Type of sugars	Sugar content (g/L)
	SP peel	EFY peel	Tannia peel	GY peel	BR peel	PK peel	VB peel
(a) Conventional DSA pretreatment (T3) and saccharification
Glucose	33.41	21.33	19.55	27.31	40.36	33.21	29.65
Xylose	4.23	9.55	11.64	14.69	1.96	8.61	11.40
Mannose	ND	1.47	3.69	5.64	2.91	ND	7.36
Arabinose	9.71	ND	ND	ND	ND	ND	ND
Galactose	ND	ND	ND	ND	5.64	1.36	ND
(b) MW-assisted DSA pretreatment (T4) and saccharification
Glucose	35.13	23.05	21.27	29.03	42.08	34.93	31.37
Xylose	5.77	11.09	13.18	15.40	3.50	10.15	12.94
Mannose	ND	2.41	4.63	6.58	3.85	ND	8.30
Arabinose	10.26	ND	ND	ND	ND	ND	ND
Galactose	ND	ND	ND	ND	6.88	2.60	ND

T3: Conventional DSA pretreated residues (121 °C; 60 min; 0.1 M H2SO4) + detoxification chemicals; T4 is MW (600 W)-assisted DSA pretreated residues (7 min) with detoxifying chemicals; Both the systems were saccharified using Stargen and Ecozyme XY50 at half dose and Ecozyme RT80 full dose; ND: not detected; each value represents mean from two runs.

Conclusions

The possibility of enzyme saving during saccharification of pretreated lignocellulo-starch biomass was investigated using two optimized pretreatment systems such as conventional DSA pretreatment and microwave-assisted pretreatment and supplementing the systems with detoxification chemicals such as Tween 20, PEG 4000 and sodium borohydride.
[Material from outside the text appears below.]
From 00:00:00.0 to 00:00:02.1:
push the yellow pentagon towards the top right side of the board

Detoxification of pretreated slurry prior to saccharification with full dose of Ecozyme RT80 (cellulase) and half doses of Ecozyme XY50 (xylanase) and Stargen could enhance RS release from conventional DSA pretreated (60 min) biomass. Nevertheless significantly higher conversion efficiency was observed in MW-assisted DSA pretreated system with a much shorter processing time (7 min) and without the need for xylanase. HPLC sugar profile indicated the presence of glucose in high amounts in all the hydrolysates with xylose in reasonably good amounts in hydrolysates except BR peel. As cost of enzymes is a major barrier to the production of 2 G ethanol at low cost, the present study opens at the possibility of cost reduction through effective pretreatment such as conventional or MW-assisted DSA pretreatment followed by saccharification with reduced enzyme dosage/effective enzyme combinations in presence of detoxification chemicals.

Declarations

Author contribution statement

M. G. Mithra: Performed the experiments; Analyzed and interpreted the data; Contributed reagents, materials, analysis tools or data.
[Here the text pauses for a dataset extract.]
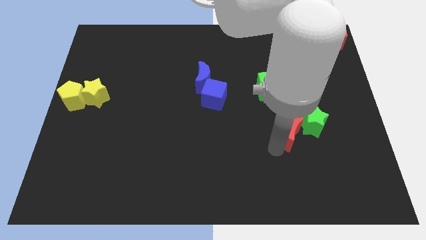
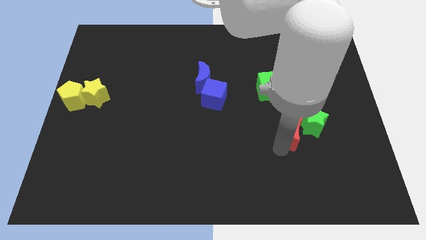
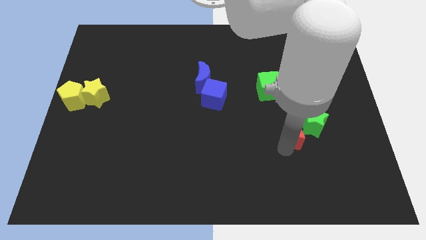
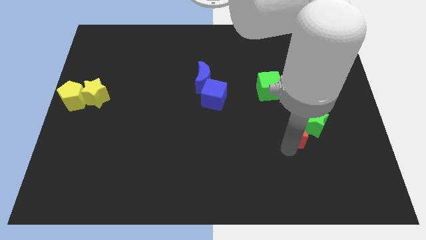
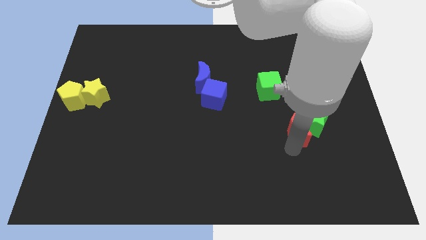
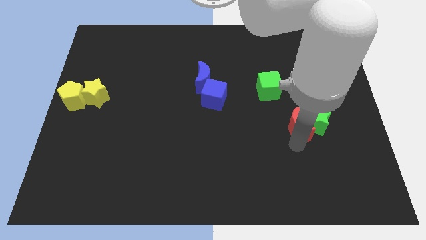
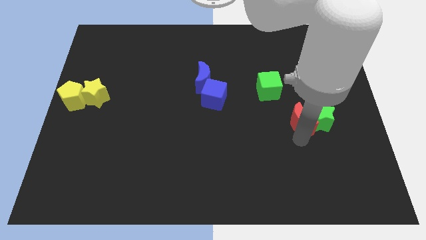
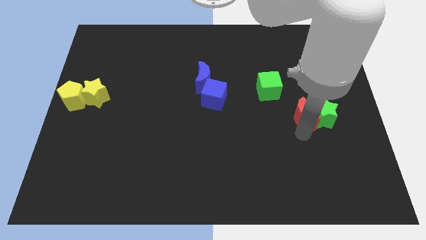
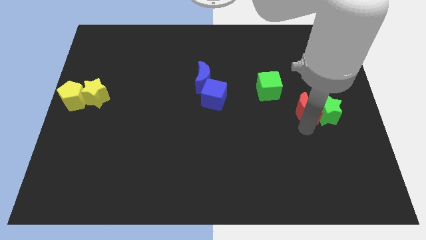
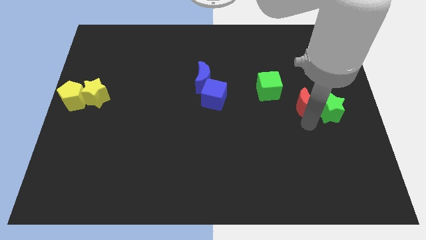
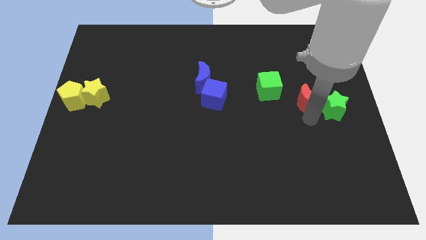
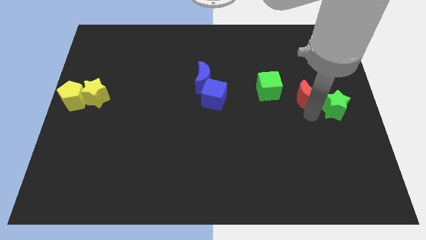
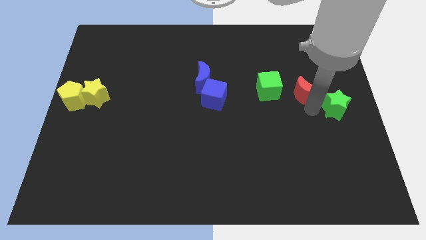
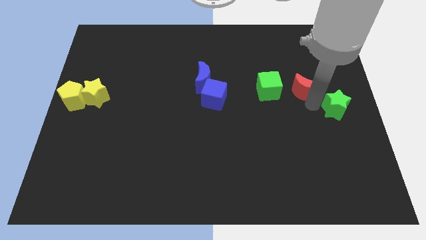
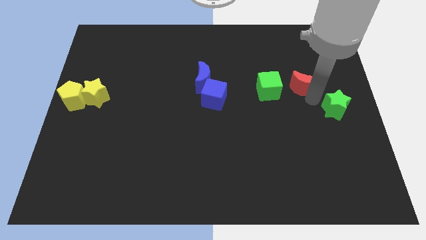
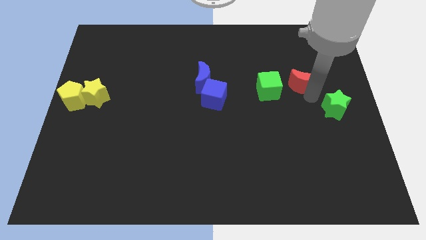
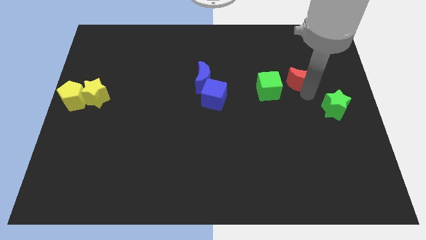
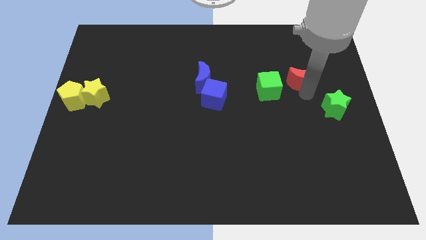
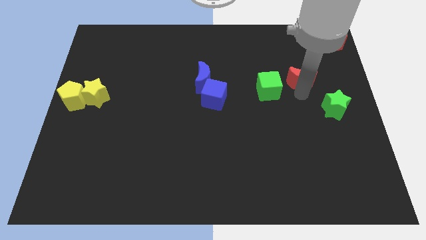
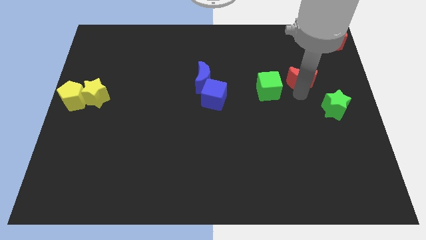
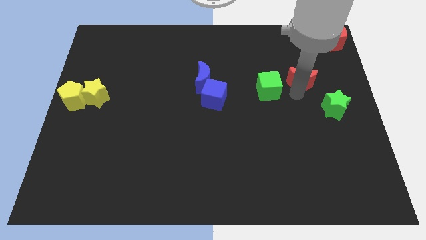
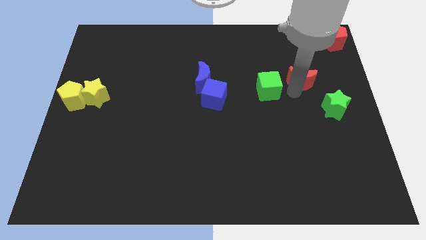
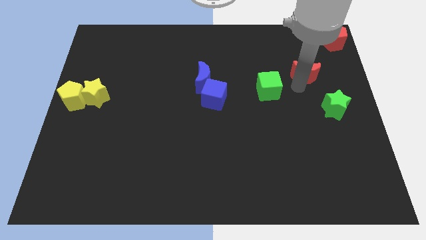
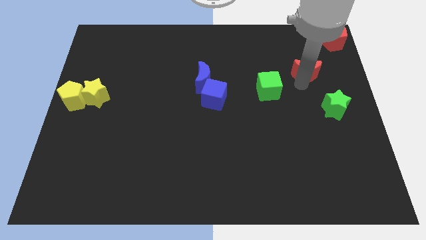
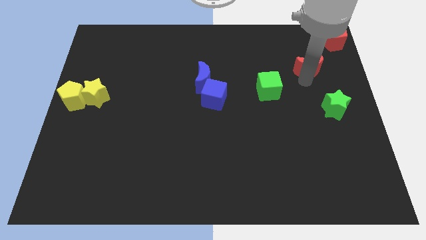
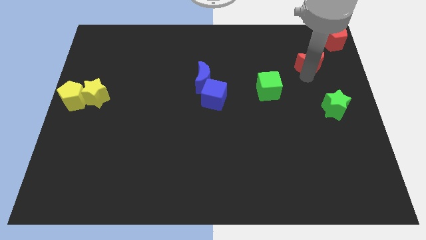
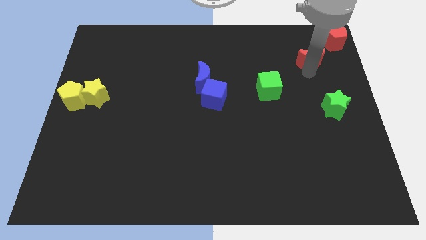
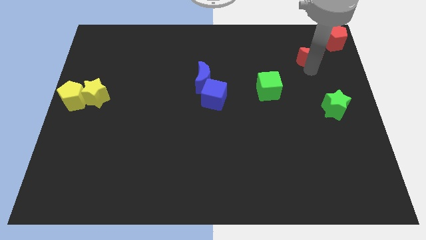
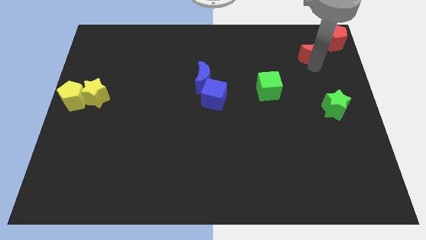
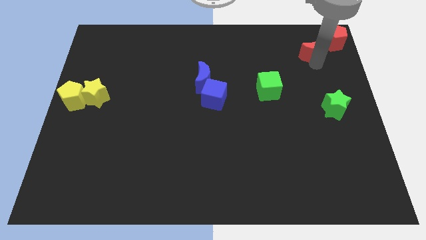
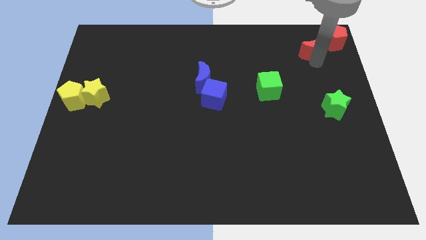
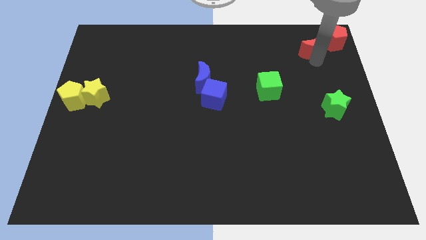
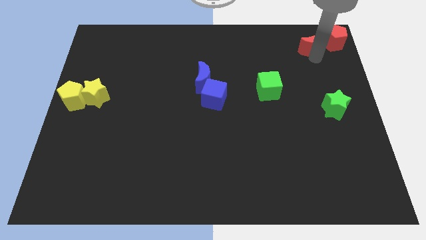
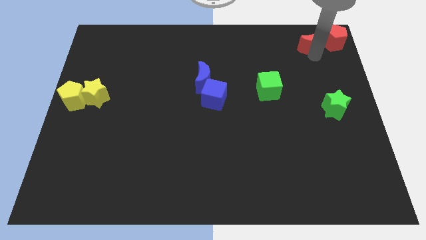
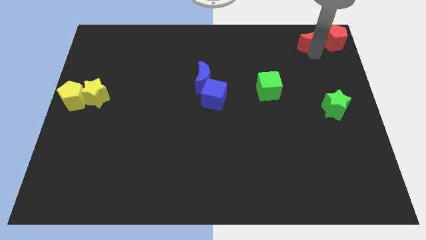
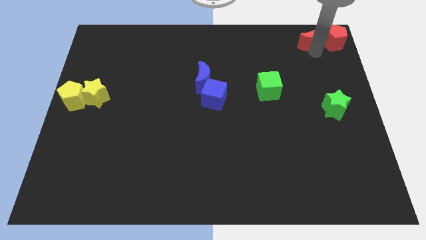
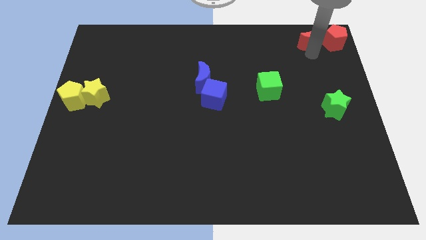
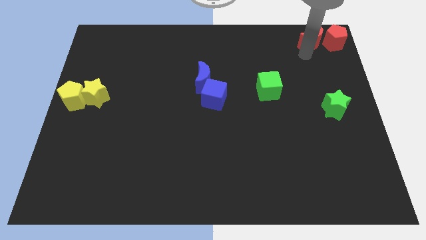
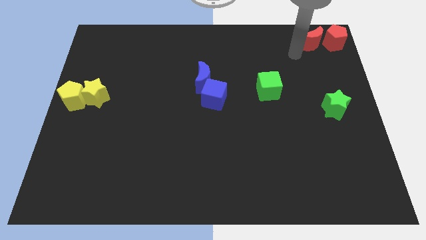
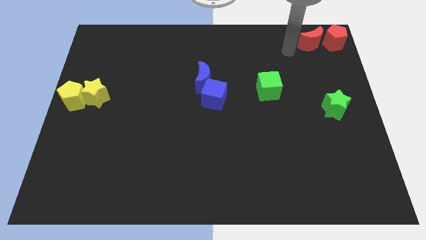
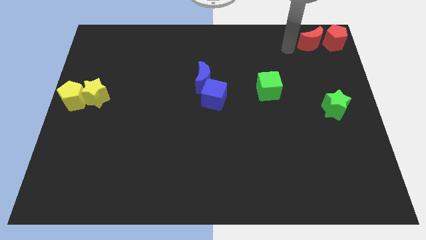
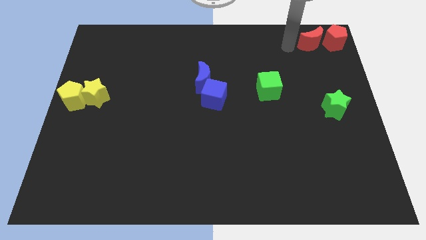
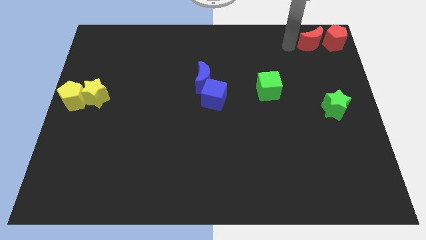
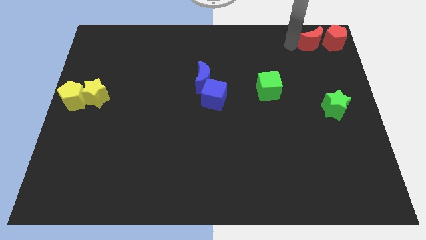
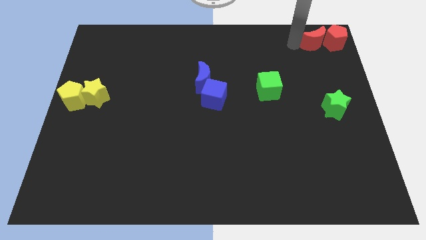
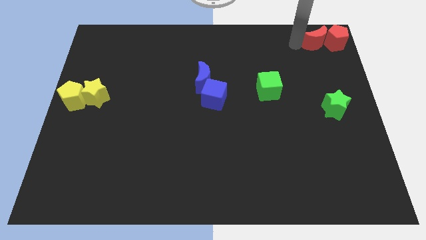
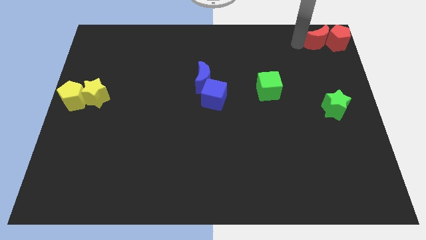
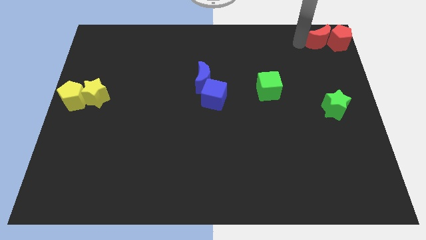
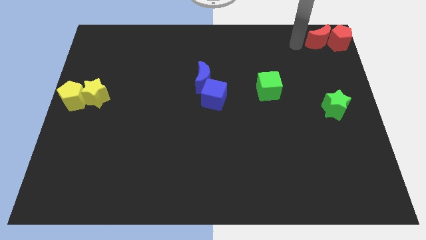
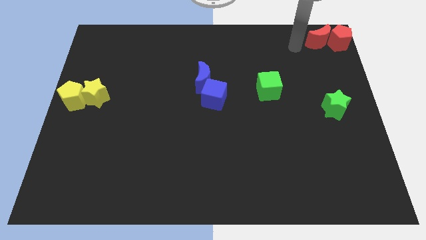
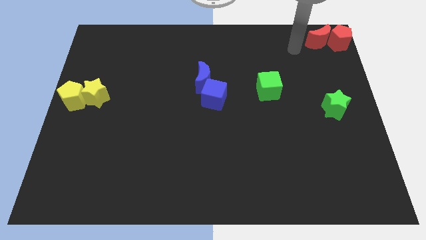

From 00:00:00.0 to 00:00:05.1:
push the red crescent to the top right corner on the board

G. Padmaja: Conceived and designed the experiments; Analyzed and interpreted the data; Wrote the paper.

Funding statement

This work was supported by the Kerala State Council for Science, Technology & Environment (KSCSTE) (Grant No. 853/2015/KSCSTE).

Competing interest statement

The authors declare no conflict of interest.

Additional information

No additional information is available for this paper.